Niutech’s independently developed industrial continuous pyrolysis technology and equipment for organic waste integrates core patented technologies such as anti-coking and gas-tight sealing, enabling long-term stable operation at scales of tens of thousands of tons. The technology is highly versatile and has achieved landmark results in the field of chemical recycling for waste plastics. Its intelligent pyrolysis equipment constitutes an efficient waste-to-energy system, deeply converting complex mixed waste plastics into high-quality pyrolysis oil.

Niutech’s global industrial cases fully demonstrate the advancement of its technology and the maturity of its business model. Its equipment has obtained certifications including EU CE, German TÜV, ATEX explosion-proof, and ISCC International Sustainability and Carbon Certification. These certifications serve as a “passport” for its products to enter the European market, where environmental standards are stringent, and also confirm that the environmental benefits and carbon reduction contributions of its pyrolysis products have gained international authoritative recognition.

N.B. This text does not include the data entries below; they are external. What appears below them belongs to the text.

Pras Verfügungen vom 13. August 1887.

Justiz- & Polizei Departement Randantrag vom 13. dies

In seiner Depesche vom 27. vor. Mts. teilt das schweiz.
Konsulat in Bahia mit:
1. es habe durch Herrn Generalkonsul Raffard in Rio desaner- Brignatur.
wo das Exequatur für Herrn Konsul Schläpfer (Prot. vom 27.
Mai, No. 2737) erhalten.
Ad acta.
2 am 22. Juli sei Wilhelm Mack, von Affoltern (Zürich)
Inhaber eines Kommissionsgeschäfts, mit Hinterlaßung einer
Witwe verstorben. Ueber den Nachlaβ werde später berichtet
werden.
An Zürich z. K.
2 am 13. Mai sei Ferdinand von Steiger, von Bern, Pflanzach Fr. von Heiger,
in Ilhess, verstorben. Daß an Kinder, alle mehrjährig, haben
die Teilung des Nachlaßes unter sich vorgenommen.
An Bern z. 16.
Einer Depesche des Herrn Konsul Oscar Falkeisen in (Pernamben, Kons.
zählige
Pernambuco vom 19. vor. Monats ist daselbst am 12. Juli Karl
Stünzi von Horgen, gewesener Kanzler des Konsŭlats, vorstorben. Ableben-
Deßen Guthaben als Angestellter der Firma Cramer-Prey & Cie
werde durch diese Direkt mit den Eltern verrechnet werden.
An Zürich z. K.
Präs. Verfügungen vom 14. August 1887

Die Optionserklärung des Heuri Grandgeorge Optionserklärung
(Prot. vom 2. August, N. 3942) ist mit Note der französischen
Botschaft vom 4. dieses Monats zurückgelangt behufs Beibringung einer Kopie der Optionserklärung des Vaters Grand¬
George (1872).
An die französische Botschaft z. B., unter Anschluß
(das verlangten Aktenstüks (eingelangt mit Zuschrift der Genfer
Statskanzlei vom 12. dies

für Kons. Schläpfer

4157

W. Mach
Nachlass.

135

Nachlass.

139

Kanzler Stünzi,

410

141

Niutech’s equipment has been exported to dozens of countries, including Germany, Denmark, Brazil, and South Korea. A landmark plastic recycling and chemical recycling project—the Danish waste plastic pyrolysis plant supported by Niutech’s technology—received investment and recognition from global chemical giant BASF. This project successfully converts waste plastics into pyrolysis oil, which is then used back in BASF’s own chemical production, achieving a closed loop from waste to chemical feedstock and serving as a model of chemical recycling.

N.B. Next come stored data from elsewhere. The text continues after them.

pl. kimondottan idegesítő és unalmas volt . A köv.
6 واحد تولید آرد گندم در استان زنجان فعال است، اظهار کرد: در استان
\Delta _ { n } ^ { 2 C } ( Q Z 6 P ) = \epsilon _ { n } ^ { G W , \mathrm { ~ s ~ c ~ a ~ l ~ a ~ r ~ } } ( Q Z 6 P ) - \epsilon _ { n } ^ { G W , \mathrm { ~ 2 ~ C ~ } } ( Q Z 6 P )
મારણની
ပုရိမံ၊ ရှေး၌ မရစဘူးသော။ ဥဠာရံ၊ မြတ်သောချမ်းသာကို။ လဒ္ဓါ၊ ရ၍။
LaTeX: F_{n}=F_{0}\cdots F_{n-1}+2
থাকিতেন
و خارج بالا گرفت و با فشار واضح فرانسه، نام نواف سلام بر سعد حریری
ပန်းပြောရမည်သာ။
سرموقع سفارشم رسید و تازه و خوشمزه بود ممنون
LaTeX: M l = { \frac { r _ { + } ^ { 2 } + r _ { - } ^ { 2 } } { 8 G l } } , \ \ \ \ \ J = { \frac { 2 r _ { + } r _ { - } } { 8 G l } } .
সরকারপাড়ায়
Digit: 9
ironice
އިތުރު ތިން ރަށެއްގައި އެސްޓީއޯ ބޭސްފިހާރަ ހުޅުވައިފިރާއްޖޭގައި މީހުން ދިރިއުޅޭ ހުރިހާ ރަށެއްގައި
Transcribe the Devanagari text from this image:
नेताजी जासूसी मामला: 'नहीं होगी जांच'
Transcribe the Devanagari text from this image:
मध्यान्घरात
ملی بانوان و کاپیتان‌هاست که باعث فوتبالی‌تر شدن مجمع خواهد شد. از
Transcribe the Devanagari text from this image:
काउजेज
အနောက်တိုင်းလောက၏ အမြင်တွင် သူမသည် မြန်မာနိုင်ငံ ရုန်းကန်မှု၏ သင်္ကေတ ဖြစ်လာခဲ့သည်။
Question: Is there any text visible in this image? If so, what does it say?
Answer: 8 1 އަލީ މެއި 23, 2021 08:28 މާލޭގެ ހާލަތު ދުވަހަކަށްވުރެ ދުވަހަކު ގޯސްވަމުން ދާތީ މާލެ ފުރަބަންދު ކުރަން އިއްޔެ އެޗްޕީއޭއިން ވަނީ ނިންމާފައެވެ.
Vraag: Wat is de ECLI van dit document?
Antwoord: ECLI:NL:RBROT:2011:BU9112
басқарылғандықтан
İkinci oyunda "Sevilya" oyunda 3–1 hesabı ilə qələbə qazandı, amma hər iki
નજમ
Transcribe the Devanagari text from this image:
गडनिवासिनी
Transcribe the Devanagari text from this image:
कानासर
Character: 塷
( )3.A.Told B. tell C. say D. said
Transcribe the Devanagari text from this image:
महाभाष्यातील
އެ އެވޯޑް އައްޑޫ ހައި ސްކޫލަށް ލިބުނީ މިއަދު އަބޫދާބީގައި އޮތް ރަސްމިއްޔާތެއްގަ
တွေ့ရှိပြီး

The robust development of chemical recycling for waste plastics ultimately requires building a complete industrial chain from collection to high-value applications. This involves not only the sale of plastic-to-oil systems but also the establishment of front-end collection systems, the market absorption of downstream products, and the refinement of policy environments.

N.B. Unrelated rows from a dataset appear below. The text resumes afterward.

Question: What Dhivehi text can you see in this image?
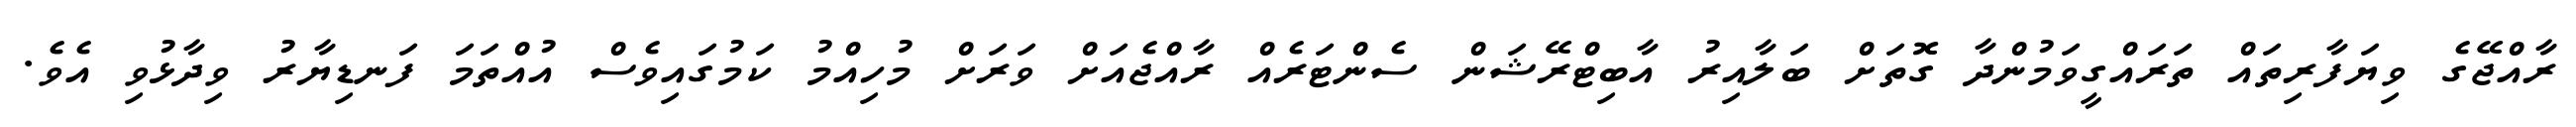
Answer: ރާއްޖޭގެ ވިޔަފާރިތައް ތަރައްގީވަމުންދާ ގޮތަށް ބަލާއިރު އާބިޓްރޭޝަން ސެންޓަރެއް ރާއްޖެއަށް ވަރަށް މުހިއްމު ކަމުގައިވެސް އުއްތަމަ ފަނޑިޔާރު ވިދާޅުވި އެވެ.
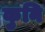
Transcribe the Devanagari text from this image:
कुनि
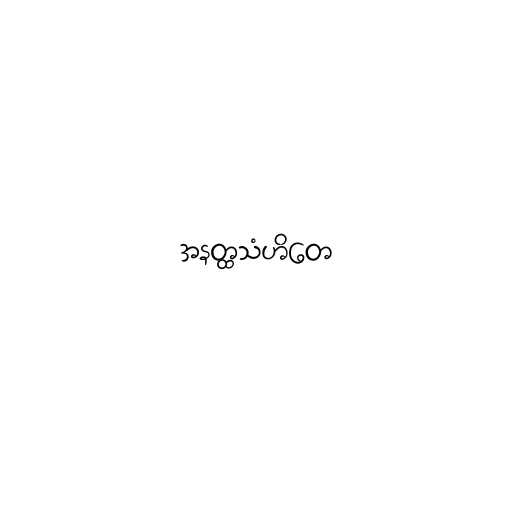
အနတ္ထသံဟိတေ
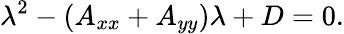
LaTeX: \lambda^{2}-\left(A_{xx}+A_{yy}\right)\lambda+D=0.
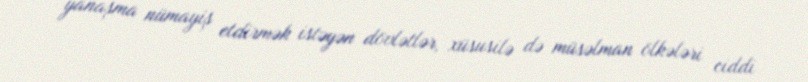
yanaşma nümayiş etdirmək istəyən dövlətlər, xüsusilə də müsəlman ölkələri ciddi
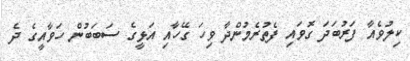
ކިލުވެއާ ފަރުބަދަ ގޮވައި ފެތުރެމުންދާ ވިހަ ގޭހާއި އަޅީގެ ސަބަބުން ހަވާއީގެ ދެ
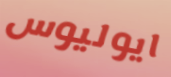
ايوليوس
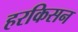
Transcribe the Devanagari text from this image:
हरकिसन
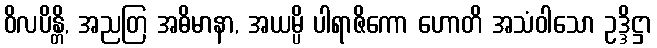
ဝိလပိန္တိ, အညတြ အဓိမာနာ, အယမ္ပိ ပါရာဇိကော ဟောတိ အသံဝါသော ဥဒ္ဒိဋ္ဌာ
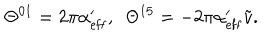
\Theta ^ { 0 1 } = 2 \pi \alpha _ { \mathrm { e f f } } ^ { \prime } , \ \ \Theta ^ { 1 5 } = - 2 \pi \alpha _ { \mathrm { e f f } } ^ { \prime } \tilde { v } .
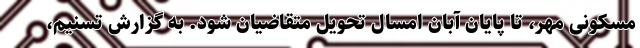
مسکونی مهر، تا پایان آبان امسال تحویل متقاضیان شود. به گزارش تسنیم،
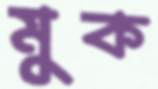
মুক
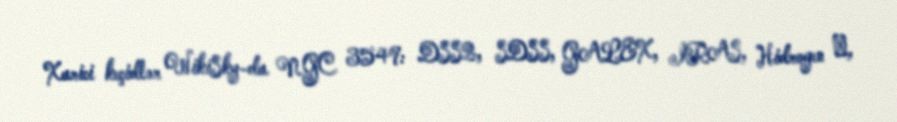
Xarici keçidlər WikiSky-da NGC 3549: DSS2, SDSS, GALEX, IRAS, Hidrogen α,
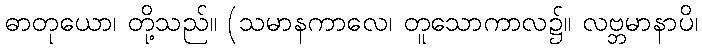
ဓာတုယော၊ တို့သည်။ (သမာနကာလေ၊ တူသောကာလ၌။ လဗ္ဘမာနာပိ၊
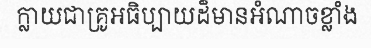
ក្លាយជាគ្រូអធិប្បាយដ៏មានអំណាចខ្លាំង
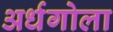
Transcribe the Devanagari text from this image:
अर्धगोला
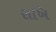
રાખિ
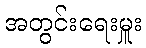
အတွင်းရေးမှူး
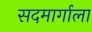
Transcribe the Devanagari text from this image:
सदमार्गाला
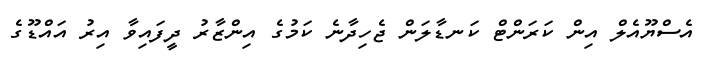
އެސްޔޫއެލް އިން ކަރަންޓް ކަނޑާލަން ޖެހިދާނެ ކަމުގެ އިންޒާރު ދީފައިވާ އިރު އައްޑޫގެ

On the policy and market front, incentive mechanisms need improvement. The EU uses the R1 energy efficiency formula to quantify and determine whether a waste-to-energy facility can be classified as a “recovery” operation and explores its value within carbon trading markets. As global negotiations on a plastics treaty deepen, carbon market mechanisms mature, and technologies like those from Niutech continue to evolve, the industrial ecosystem for chemical recycling of waste plastics will become increasingly robust. This endeavor is not only about managing environmental pollution but also about the future of feedstock security for the chemical industry and the sustainability of economic development.